The interpretation of TPDV as an ENSO residual also involves subsurface anomalies. Western Pacific heat content exhibits a decadal modulation, with reduced heat content during periods of positive TPDV (such as 1976-1999) (Fig. 2b,d) and enhanced heat content during negative TPDV (such as 1999-2014) (Fig. 2b,d). These low-frequency variations are punctuated by the heat content changes associated with the recharge-discharge activity of individual ENSO events (Fig. 2b), which are the dominant signal in the eastern Pacific (Fig. 2c). The decadal modulation of tropical Pacific heat content could thus be interpreted as the low-frequency envelope of interannual ENSO variations.
However, ENSO characteristics also depend on the mean state 46,47 . Indeed, the warm phase of TPDV, characterized by weaker trade winds and a deeper thermocline in the eastern equatorial Pacific, favours more frequent and stronger eastern Pacific El Niño events (Fig. 2a), whereas negative TPDV phases are characterized by weaker central Pacific El Niño events (Fig. 2a). The mean state influence on ENSO was also highlighted by dynamic model prediction experiments in which the ENSO evolution and predictive skill 48,49 were highly dependent on the initial background conditions. The decadal modulation of ENSO, as captured in climate models by the second empirical orthogonal function of decadal SSTAs 4,50,51 , is significantly lag-correlated with TPDV 51 , with a large intermodel dependence 50 . ENSO decadal modulation appears to lead the opposite phase of TPDV by about 2 years, suggesting its possible role as precursor of TPDV phase transitions 51 . However, TPDV also leads the same phase of ENSO decadal modulation by 2 years with a higher correlation 51 , indicating that ENSO modulation by TPDV might be more prominent than the influence of ENSO activity on TPDV. Additionally, empirical models trained on observations indicate that tropical-extratropical interactions are key to the existence of TPDV, implying that TPDV cannot simply arise from processes occurring within the tropics as in the case of ENSO residuals 52 .

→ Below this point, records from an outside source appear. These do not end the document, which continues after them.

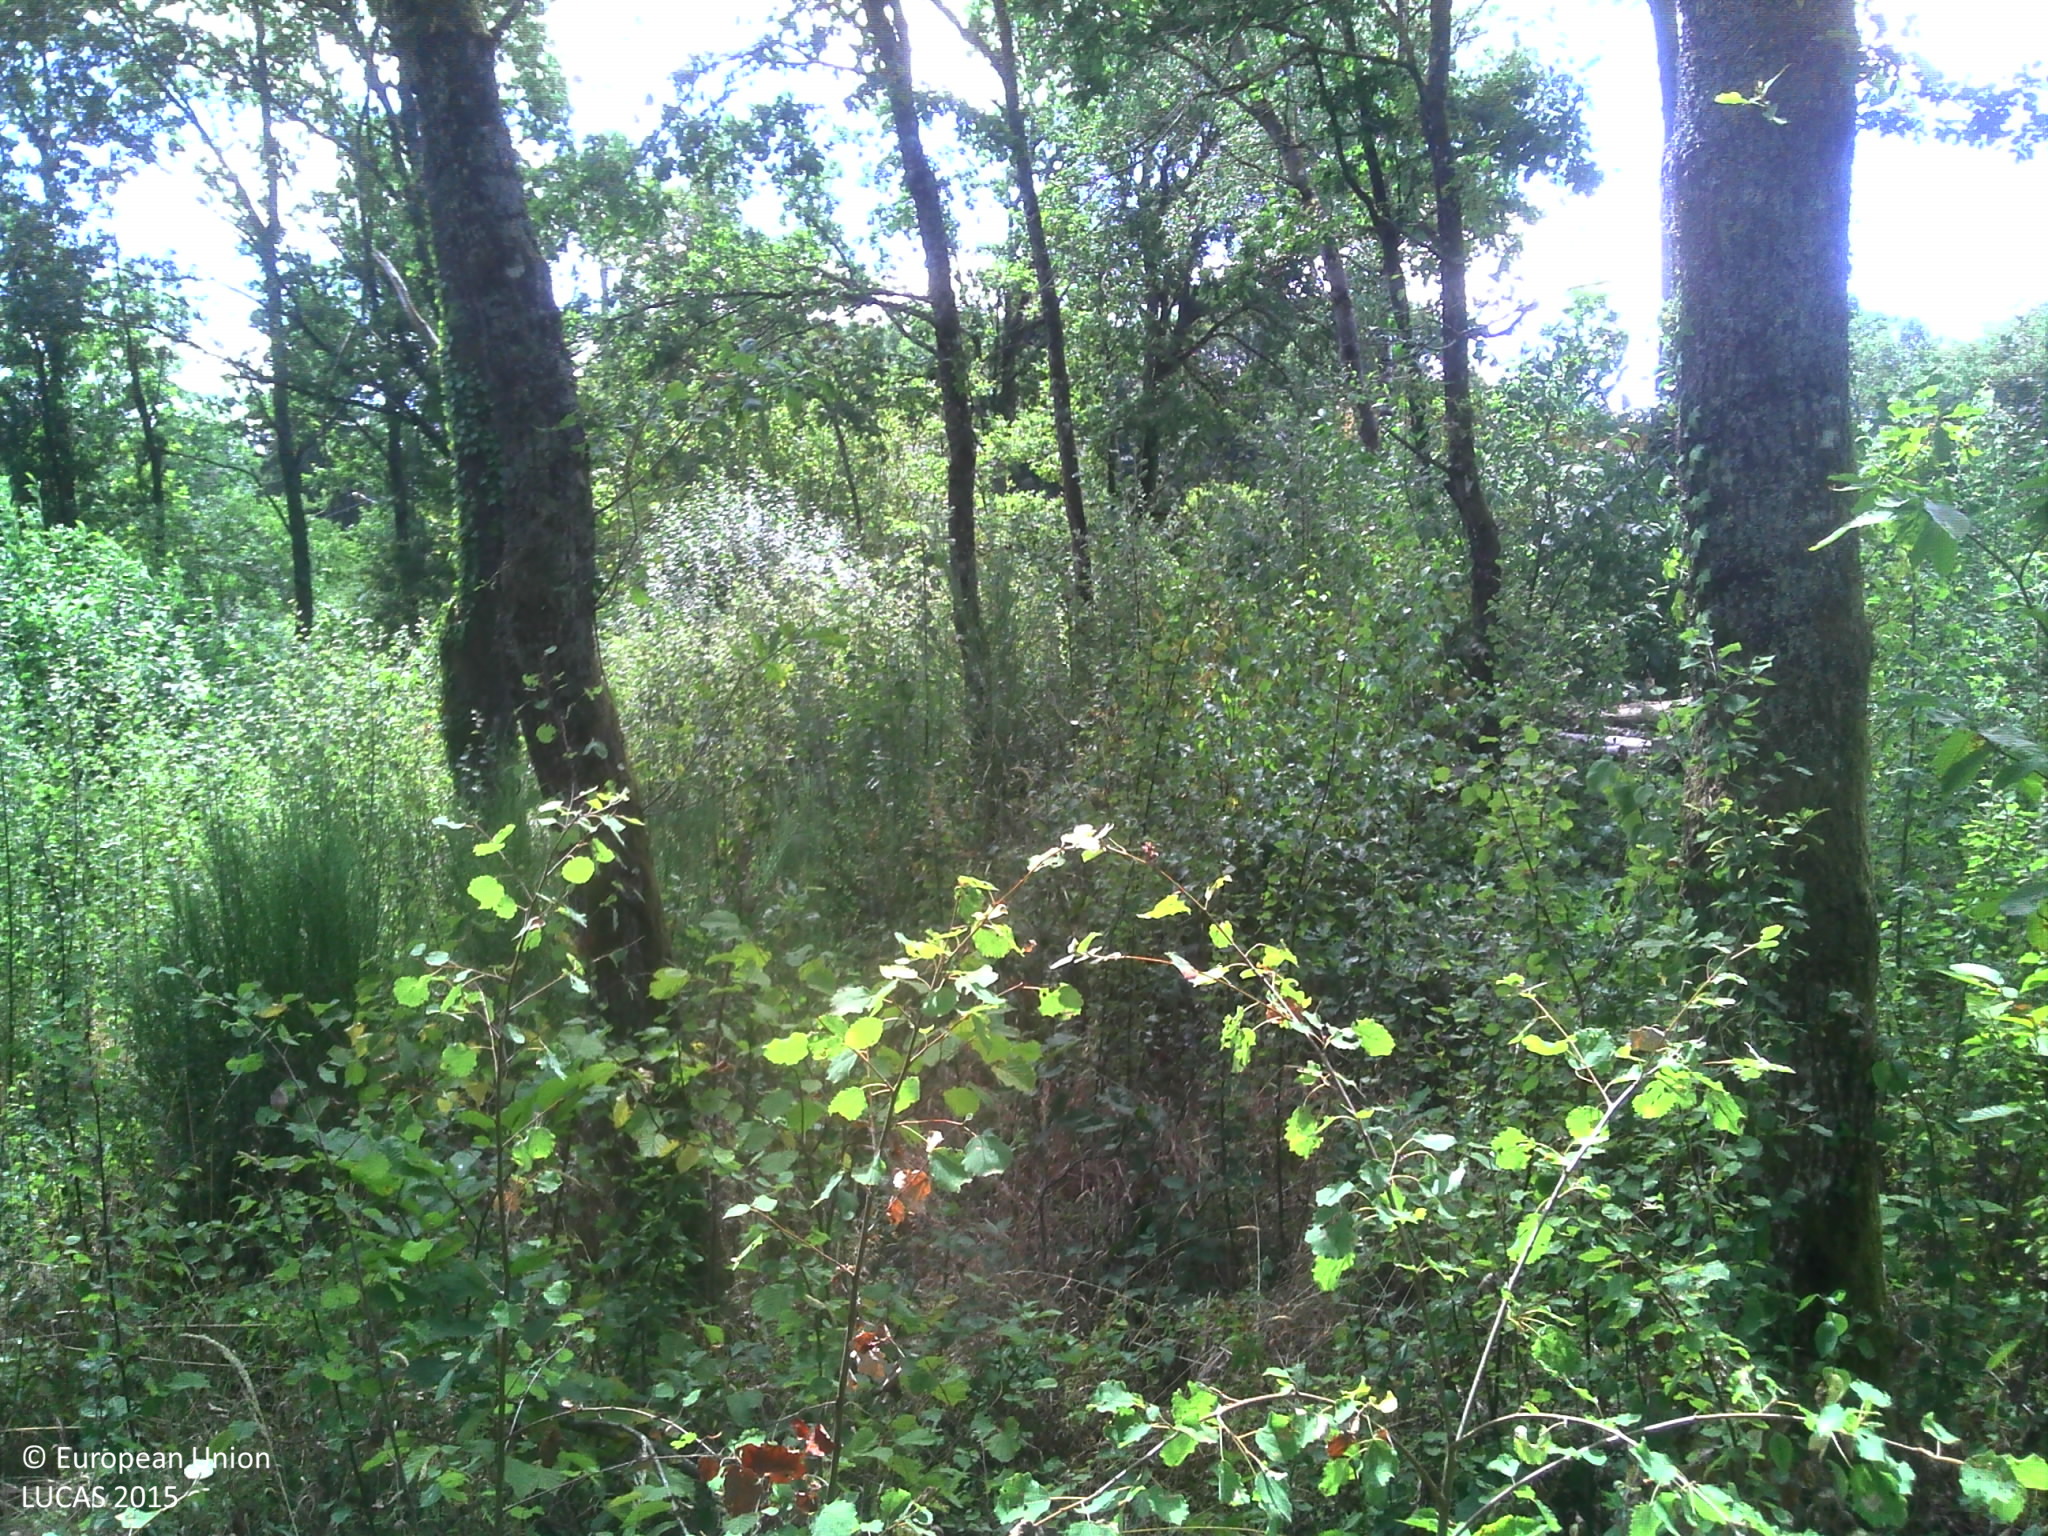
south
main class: Woodland
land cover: Broadleaved woodland
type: acidophilous oak and oak-birch forest
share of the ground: > 75 %
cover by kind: broadleaved forest trees 70 %, herbaceous plants 30 %
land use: Forestry
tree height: > 5 m
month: July
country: FR
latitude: 46.8391
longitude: 4.4541
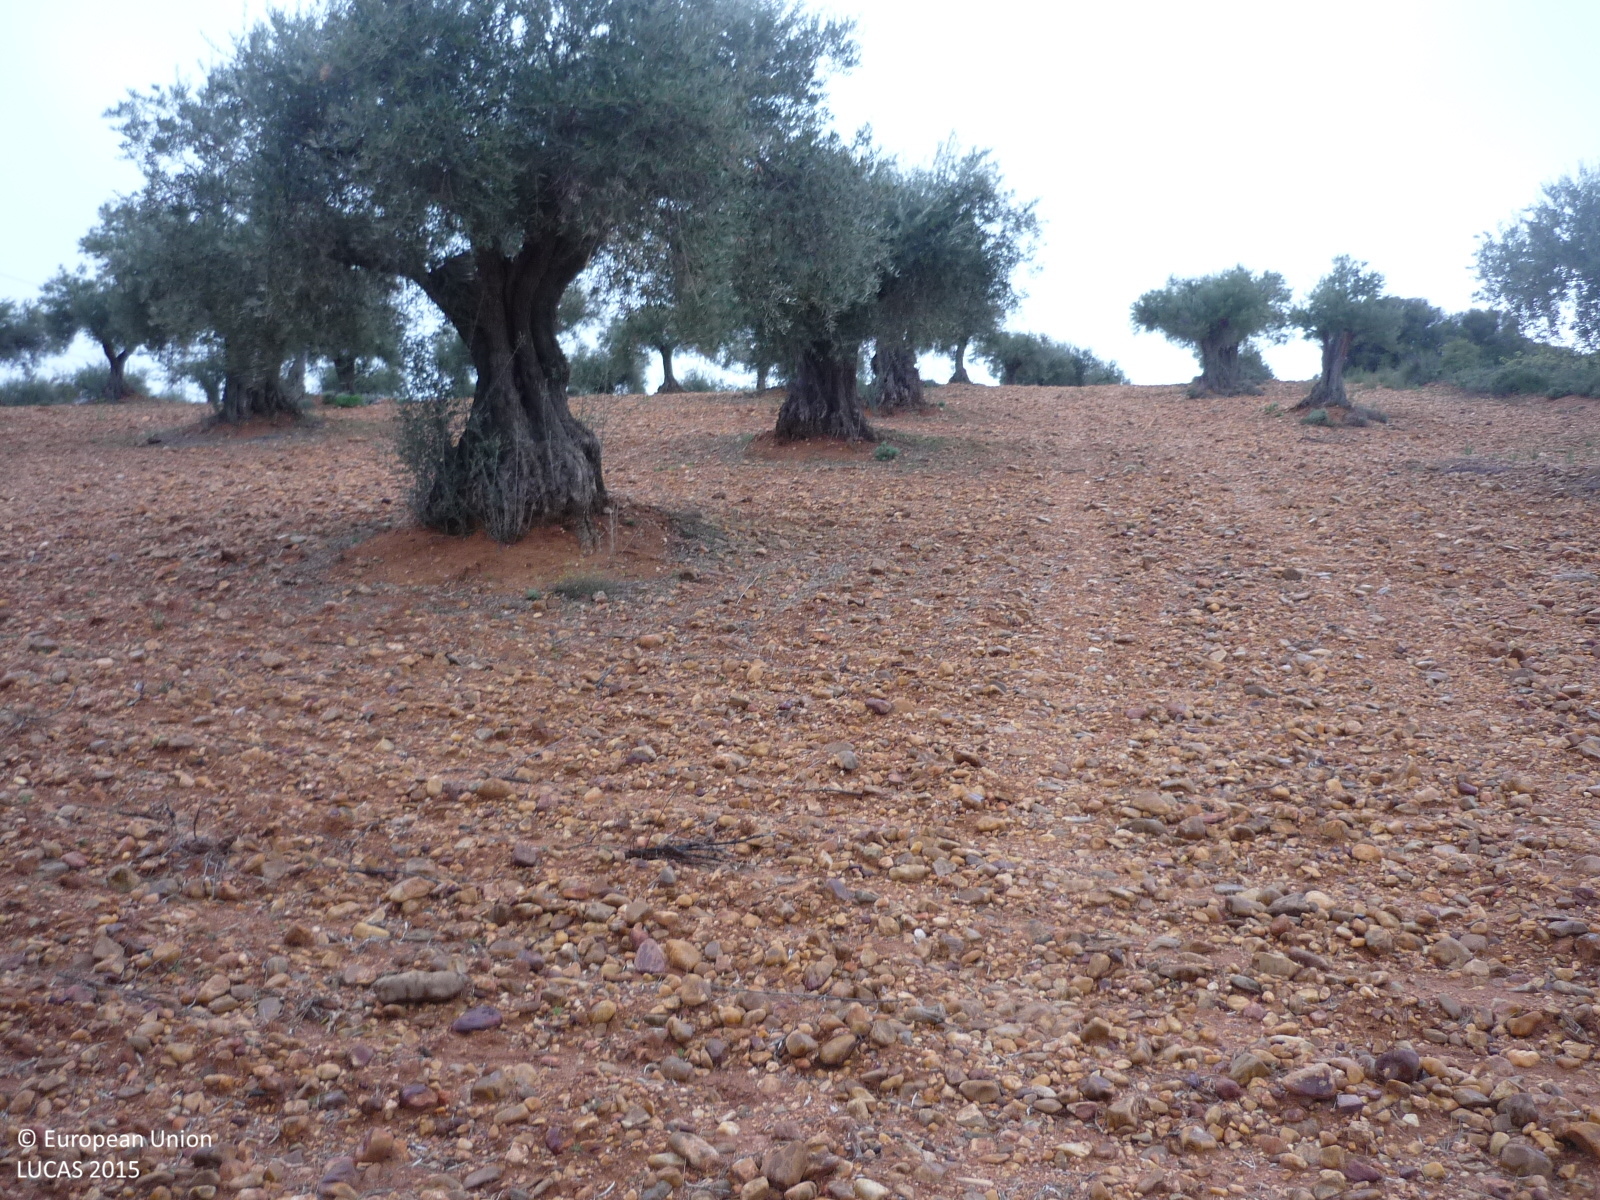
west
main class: Cropland
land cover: Olive groves
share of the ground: 10 - 25 %
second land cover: Other bare soil
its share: > 75 %
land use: Agriculture (excluding fallow land and kitchen gardens)
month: April
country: ES
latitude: 40.3721
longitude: -3.3766

In addition to the possibility of being an ENSO residual, equatorward advection of temperature anomalies within the pycnocline (the vT ′ hypothesis) has been put forward as a driver of TPDV 19 (Fig. 3a). Two mechanisms by which subtropical signals reach the equator have been proposed: spiciness anomalies advected as passive tracer by the mean circulation and non-compensated temperature anomalies propagating as planetary (Rossby) waves, as discussed now.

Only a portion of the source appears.